RECORDS FOR THE TASK:
________________

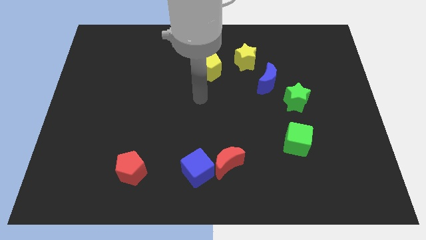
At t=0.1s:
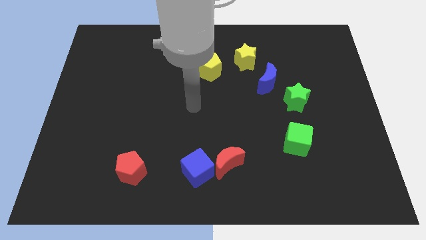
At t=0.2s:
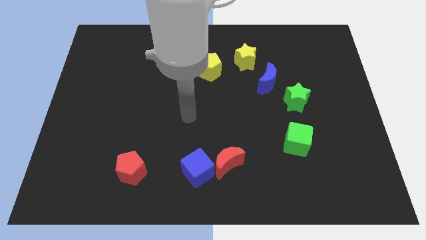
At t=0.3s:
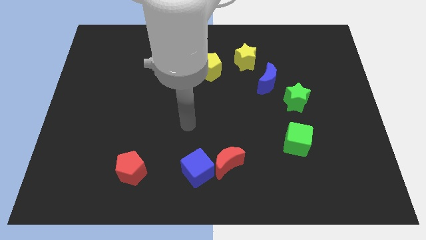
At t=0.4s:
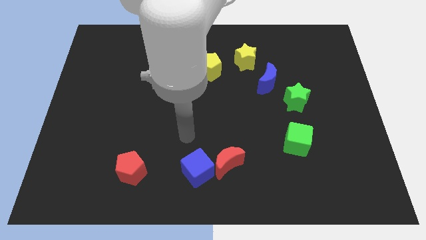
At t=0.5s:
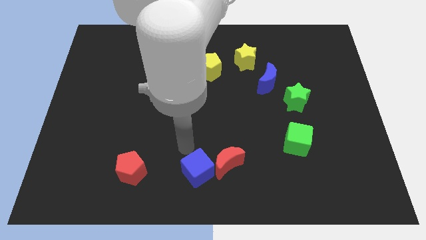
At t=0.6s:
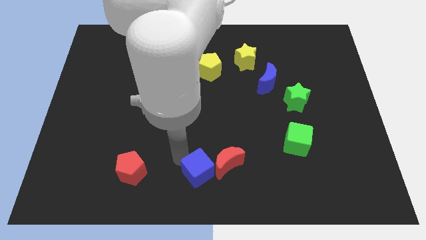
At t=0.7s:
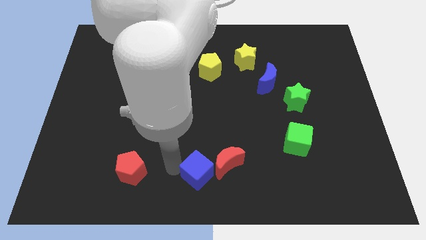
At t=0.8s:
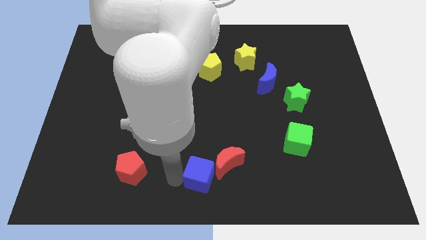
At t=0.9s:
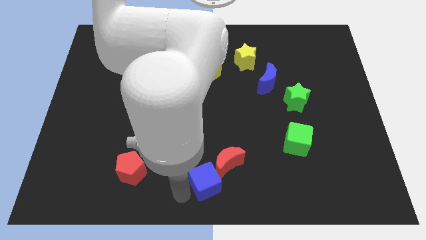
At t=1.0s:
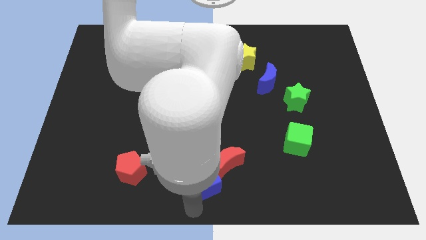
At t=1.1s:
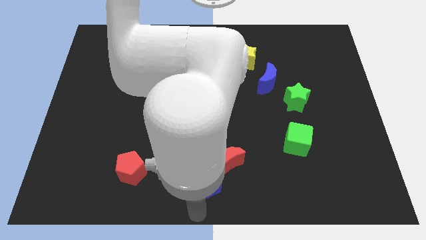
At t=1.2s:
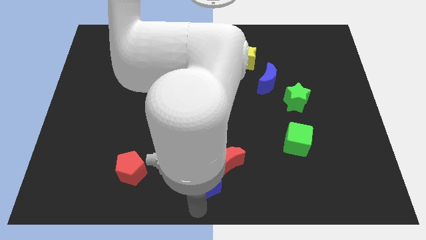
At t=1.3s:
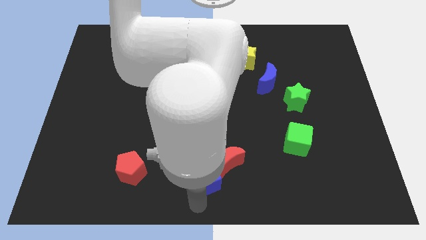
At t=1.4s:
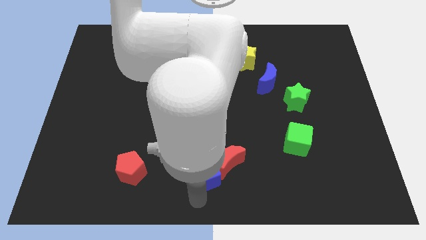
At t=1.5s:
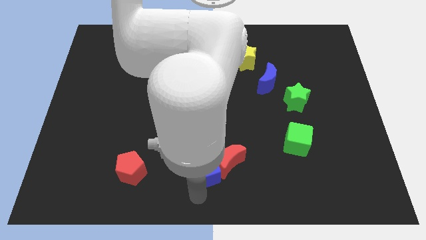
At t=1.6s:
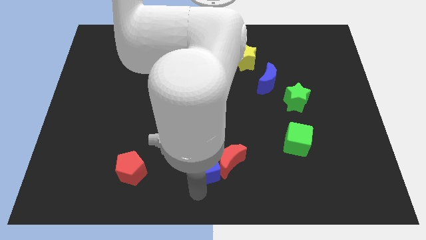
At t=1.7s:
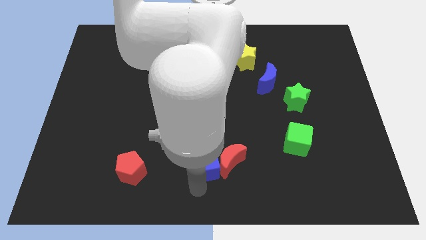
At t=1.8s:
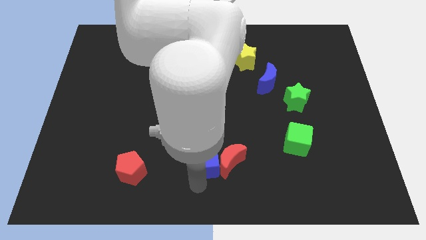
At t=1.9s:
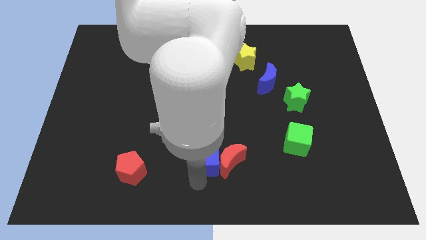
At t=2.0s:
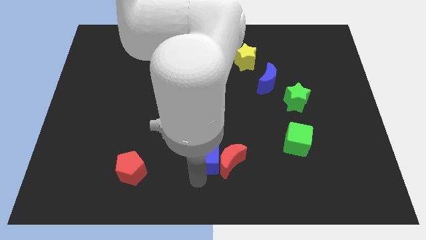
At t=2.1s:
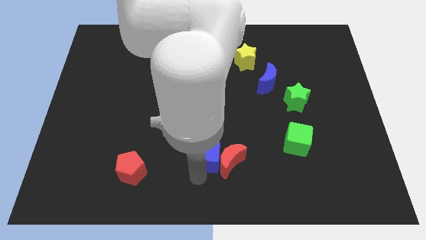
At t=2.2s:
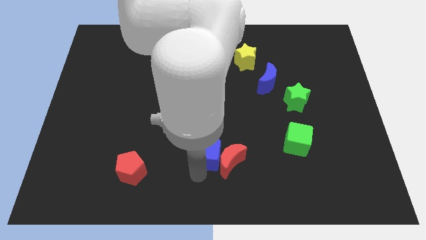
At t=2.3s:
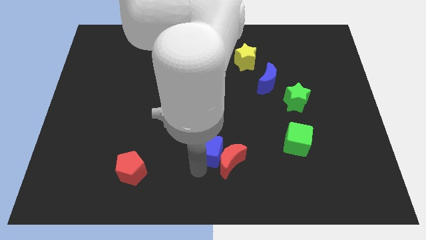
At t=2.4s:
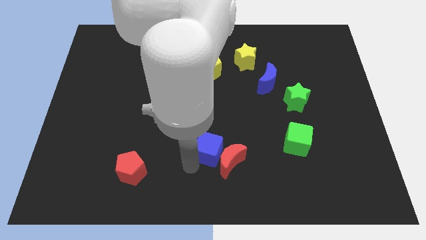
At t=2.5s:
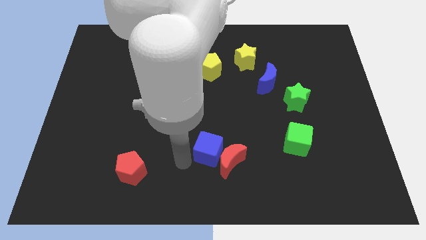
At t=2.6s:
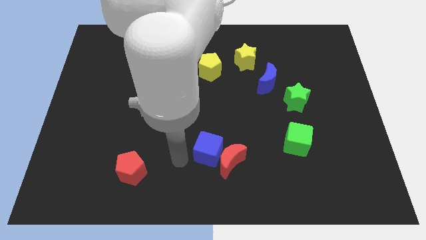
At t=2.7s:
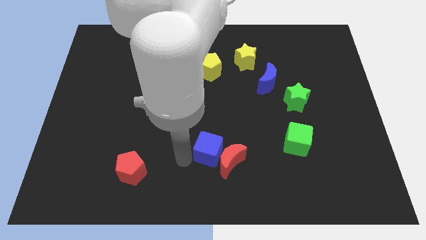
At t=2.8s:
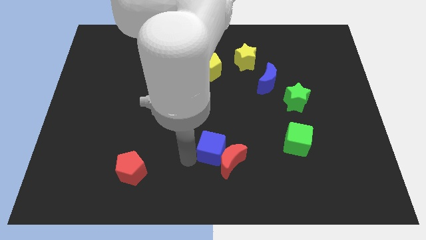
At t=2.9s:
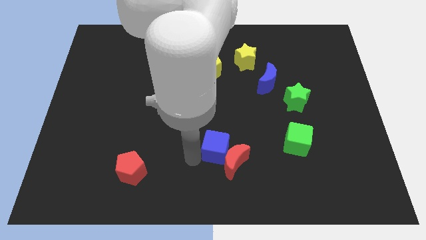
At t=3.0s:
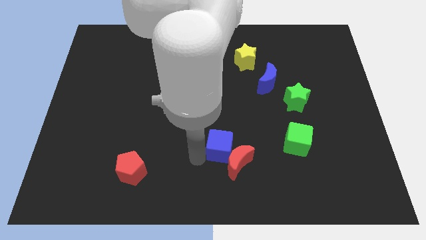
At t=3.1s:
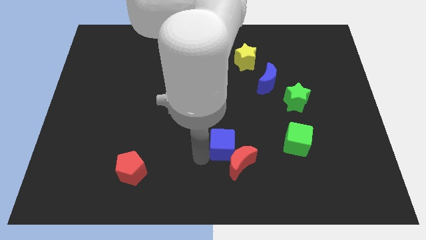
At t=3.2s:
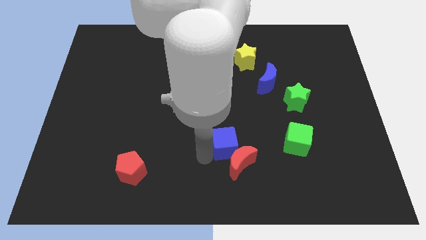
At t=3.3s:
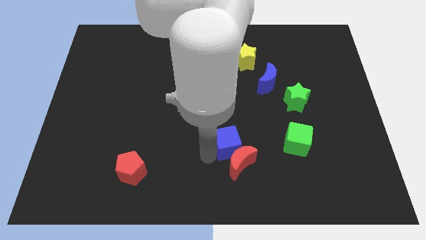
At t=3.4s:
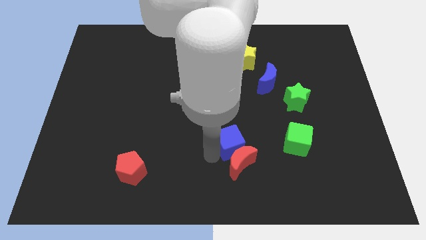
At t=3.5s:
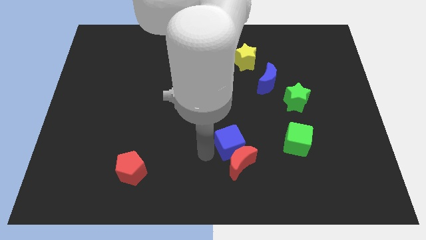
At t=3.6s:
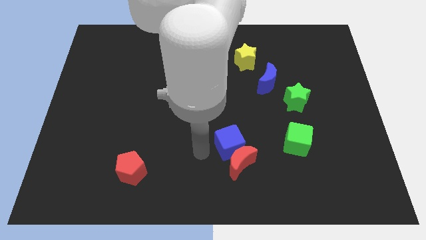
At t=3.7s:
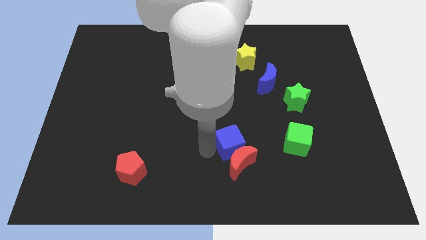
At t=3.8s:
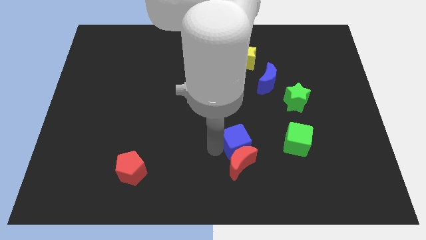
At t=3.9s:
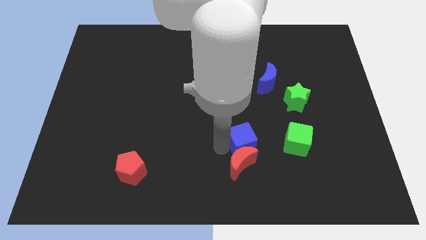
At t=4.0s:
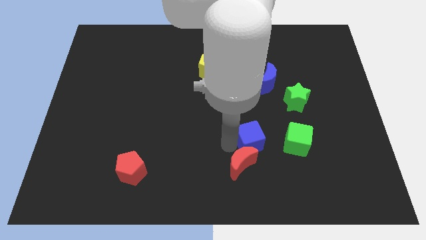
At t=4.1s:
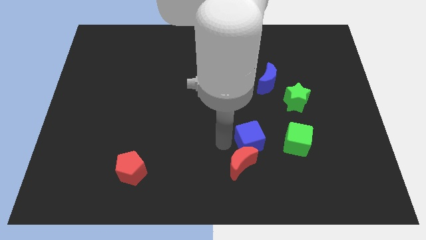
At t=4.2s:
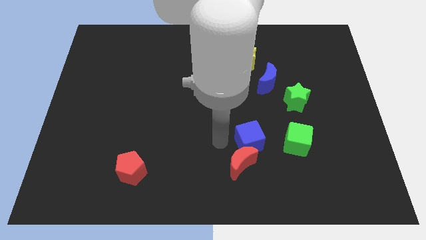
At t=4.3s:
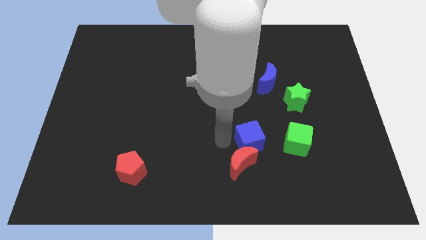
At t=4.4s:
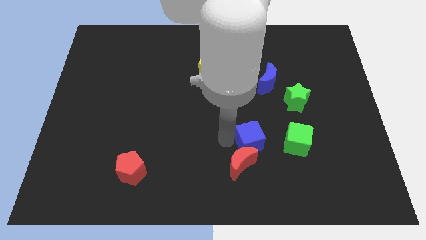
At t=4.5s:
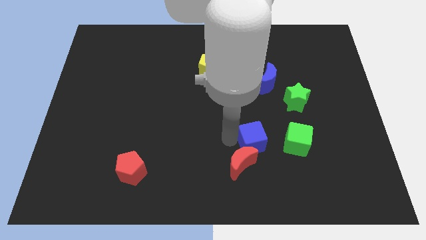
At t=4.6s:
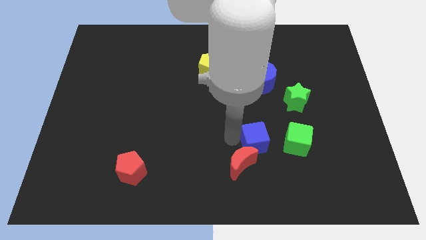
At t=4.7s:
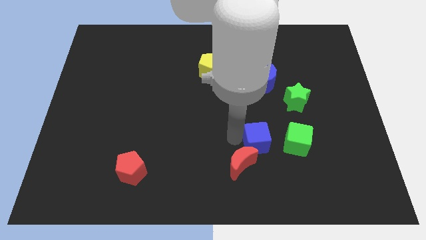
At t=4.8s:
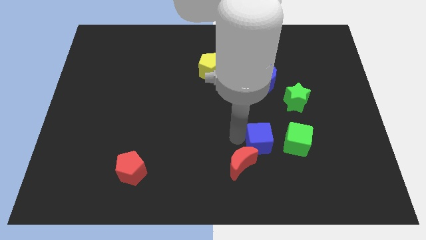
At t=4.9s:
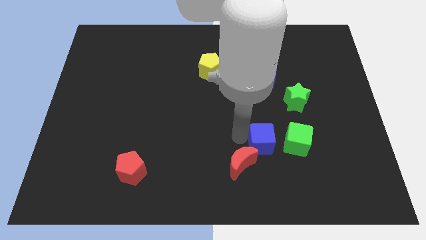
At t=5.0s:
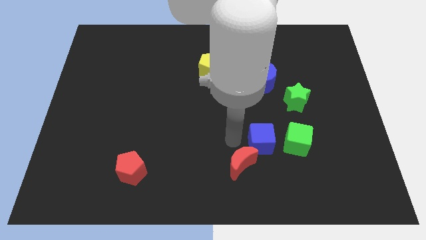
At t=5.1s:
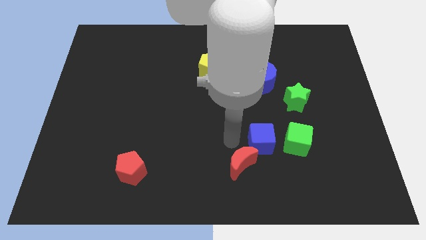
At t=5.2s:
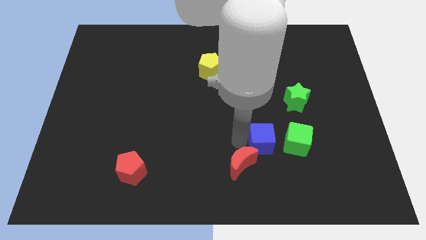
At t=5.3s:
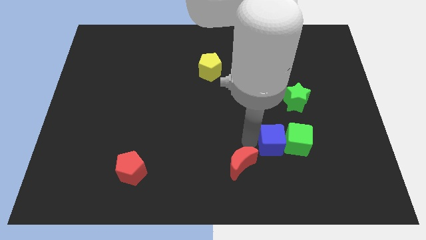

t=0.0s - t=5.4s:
put the blue cube towards the green cube

________________

EXERCISE DESCRIPTION: The entries above are to be copied exactly, with every picture left out.

SOLUTION:
At t=0.1s:
At t=0.2s:
At t=0.3s:
At t=0.4s:
At t=0.5s:
At t=0.6s:
At t=0.7s:
At t=0.8s:
At t=0.9s:
At t=1.0s:
At t=1.1s:
At t=1.2s:
At t=1.3s:
At t=1.4s:
At t=1.5s:
At t=1.6s:
At t=1.7s:
At t=1.8s:
At t=1.9s:
At t=2.0s:
At t=2.1s:
At t=2.2s:
At t=2.3s:
At t=2.4s:
At t=2.5s:
At t=2.6s:
At t=2.7s:
At t=2.8s:
At t=2.9s:
At t=3.0s:
At t=3.1s:
At t=3.2s:
At t=3.3s:
At t=3.4s:
At t=3.5s:
At t=3.6s:
At t=3.7s:
At t=3.8s:
At t=3.9s:
At t=4.0s:
At t=4.1s:
At t=4.2s:
At t=4.3s:
At t=4.4s:
At t=4.5s:
At t=4.6s:
At t=4.7s:
At t=4.8s:
At t=4.9s:
At t=5.0s:
At t=5.1s:
At t=5.2s:
At t=5.3s:

t=0.0s - t=5.4s:
put the blue cube towards the green cube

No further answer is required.